Dr Susan Collings is a Senior Research Fellow at the Transforming early Education and Child Health (‘TeEACh’) Research Centre at Western Sydney University. Before embarking on an academic career, Susan spent many years in the community services sector working with children and families with disability. As a sociologist, Susan draws on ecological and life span approaches to address social inequalities and improve service interventions. Her participatory and arts-based research collaborations with young people, families and the services who support them have improved practices in areas that include disability planning, birth family contact, family-led decision making and parenting capacity assessment. Susan has established an international reputation for her research with parents with intellectual disability and their children and is an executive member of the IASSIDD Special Interest Research Group on Parents and Parenting with Intellectual Disability.

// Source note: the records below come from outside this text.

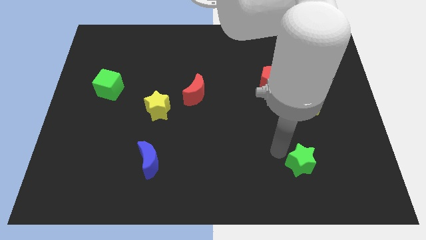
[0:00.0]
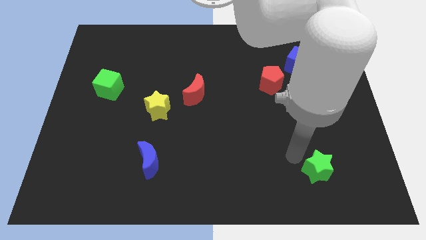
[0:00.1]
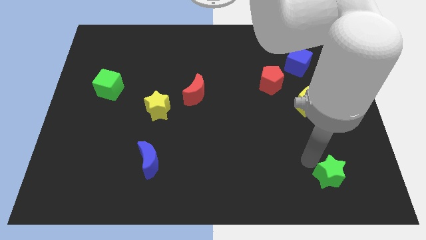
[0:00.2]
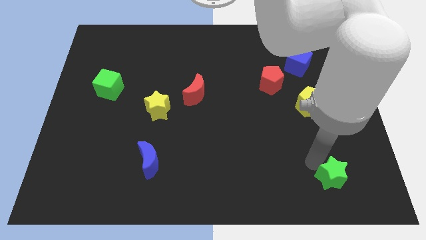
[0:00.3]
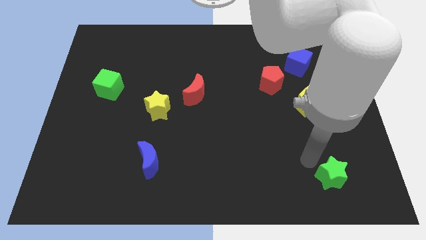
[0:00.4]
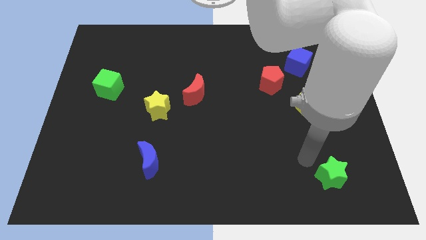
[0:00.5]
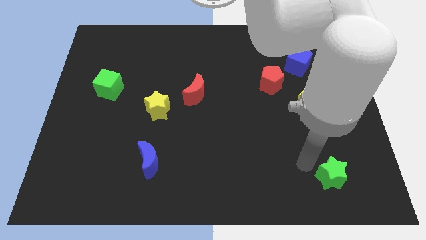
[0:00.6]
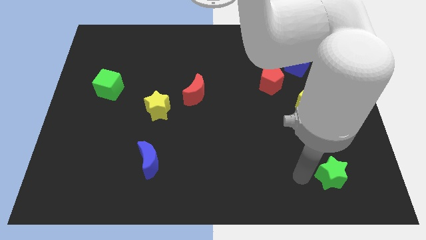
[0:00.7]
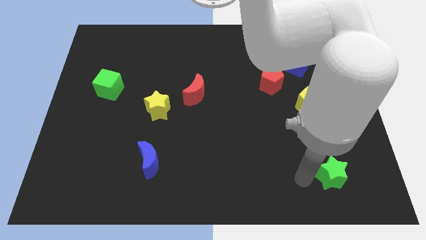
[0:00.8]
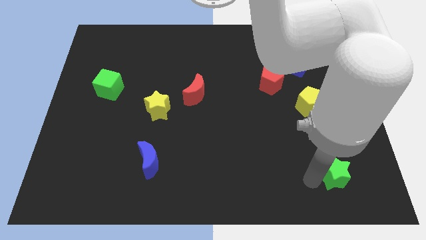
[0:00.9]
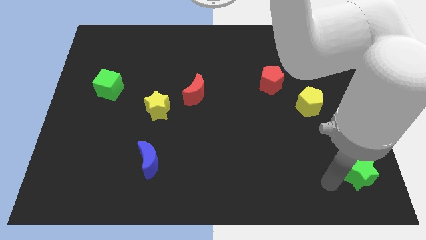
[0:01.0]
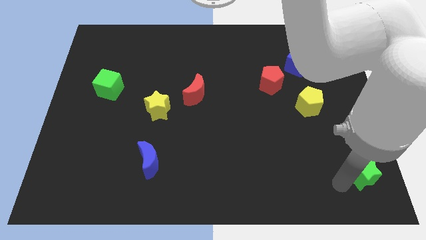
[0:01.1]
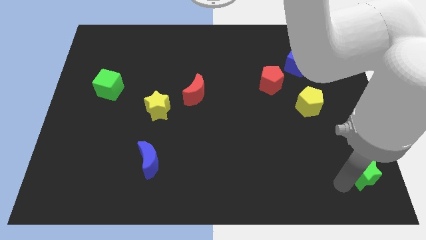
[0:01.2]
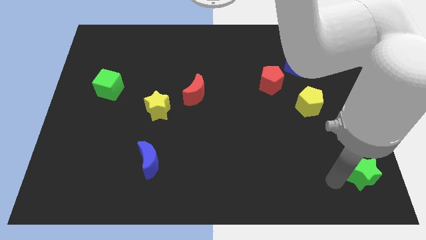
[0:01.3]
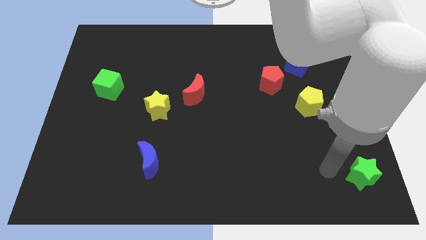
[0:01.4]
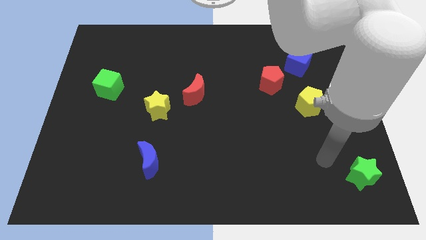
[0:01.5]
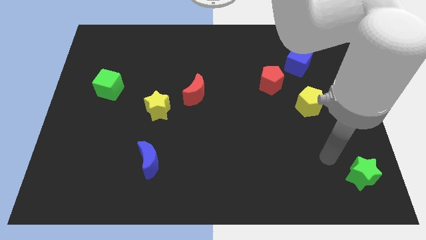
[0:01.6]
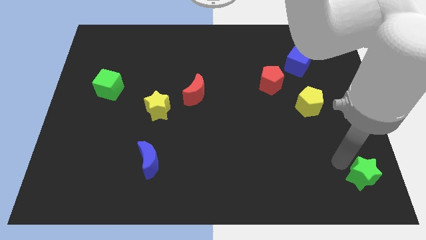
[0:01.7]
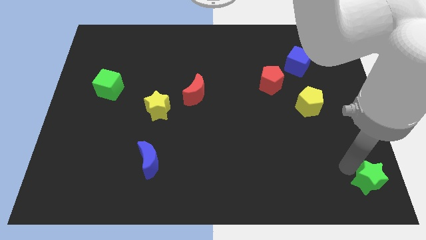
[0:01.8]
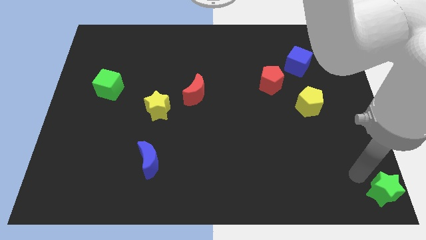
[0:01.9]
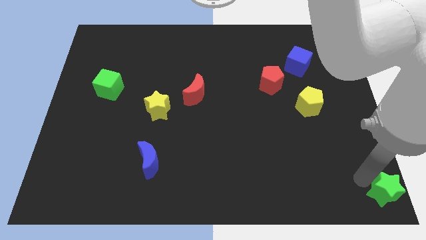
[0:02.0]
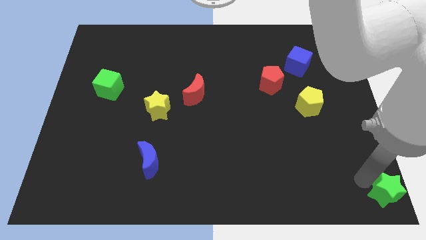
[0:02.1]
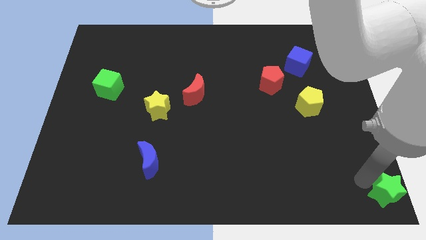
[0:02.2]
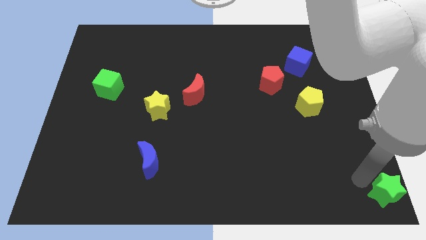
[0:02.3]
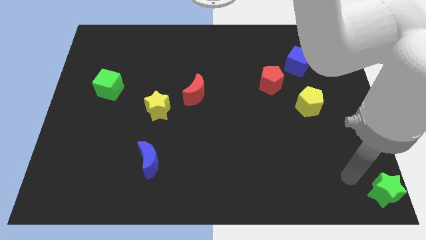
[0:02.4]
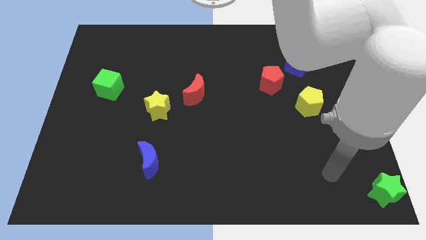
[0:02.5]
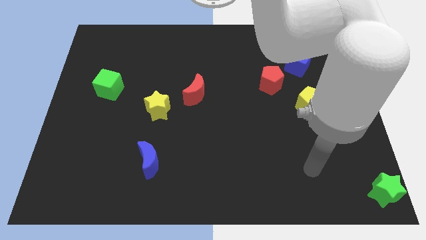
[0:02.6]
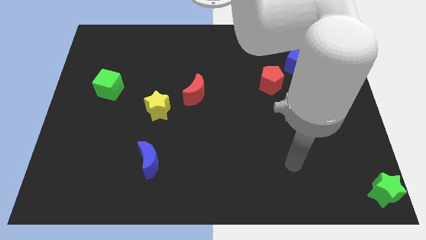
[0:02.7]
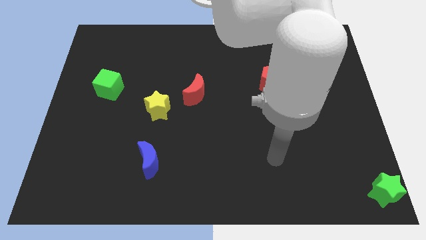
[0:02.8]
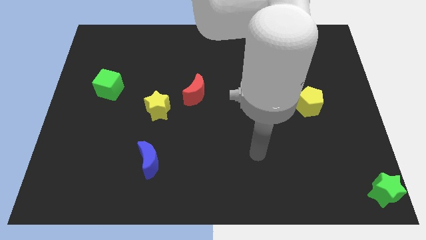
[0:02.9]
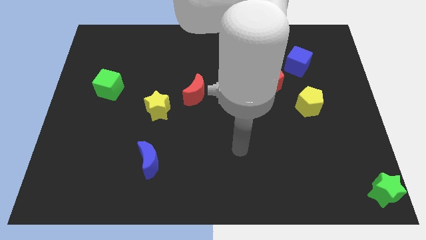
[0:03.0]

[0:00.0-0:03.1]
move the green star to the bottom right of the board

She is also a founding member of the National Advocacy Collective, an Australian group formed in 2022 to promote the rights of parents with intellectual disability and their children to ethical treatment and adapted parenting support.

Renee Mills

Renee Mills is a senior social worker for Community Living Association Inc and has a background in community development practice.  Renee has worked alongside young people at risk of homelessness for 20 years, particularly where there is experience of intellectual and/or cognitive disability and transition from out-of- home care. Thorough this work, the challenges facing parents with intellectual disability has become a primary focus in Renee’s work, due to the high occurrence for these young people of early life parenting and engagement as parents in child protection systems.  Renee has been working alongside parents and practitioners to advocate for the rights of parents and their children, and to develop models of practice that effectively and sensitively support parents.  Renee is also engaging with this issue at a systems level with a view to create change, working collaboratively with Child Protection stakeholders in Queensland, and as a founding member of the National Advocacy Collective to promote the rights of parents with intellectual disability and their children.

Crystal Richardson

Crystal Richardson is a proud mother of three beautiful boys. Crystal has lived experience of intellectual disability and navigating the child protection system as a parent. She believes as a parent it is important to role model building healthy relationships for her children and has worked hard to build a positive relationship with the foster carer. Crystal also believes it is vital to role model speaking up, so her sons know how to use their voice as they grow older.  She is a passionate advocate for parents with intellectual disability.  Most recently she presented on the lived experience of parents with intellectual disability and what it takes to best support them at the Australasian Society for Intellectual Disability Conference and the Queensland Foster and Kinship Care Conference.

Facilitator

Catherine Wade

Dr Catherine Wade is Principal Research Specialist at the Parenting Research Centre. She leads research, evaluation and analysis activities at the Centre, managing a team of research staff engaged in projects focused on evaluating the implementation and impact of initiatives aimed at improving the lives of vulnerable families across Australia and internationally. Catherine is also a Research Affiliate with the Faculty of Health Sciences at the University of Sydney. She has over 20 years of experience conducting social policy research spanning a range of public health priority groups including parents with intellectual disability. She has delivered professional training to over 1200 practitioners, in evidence-informed parenting programs for parents with learning difficulties (in Australia, Sweden, Norway and Japan) and has developed and evaluated innovative resources aimed at these parents. Catherine is an internationally recognised expert on parenting with intellectual disability, with regular requests for her advice, training and representation on steering committees and reference groups as a result of her clinical and research experience with these families.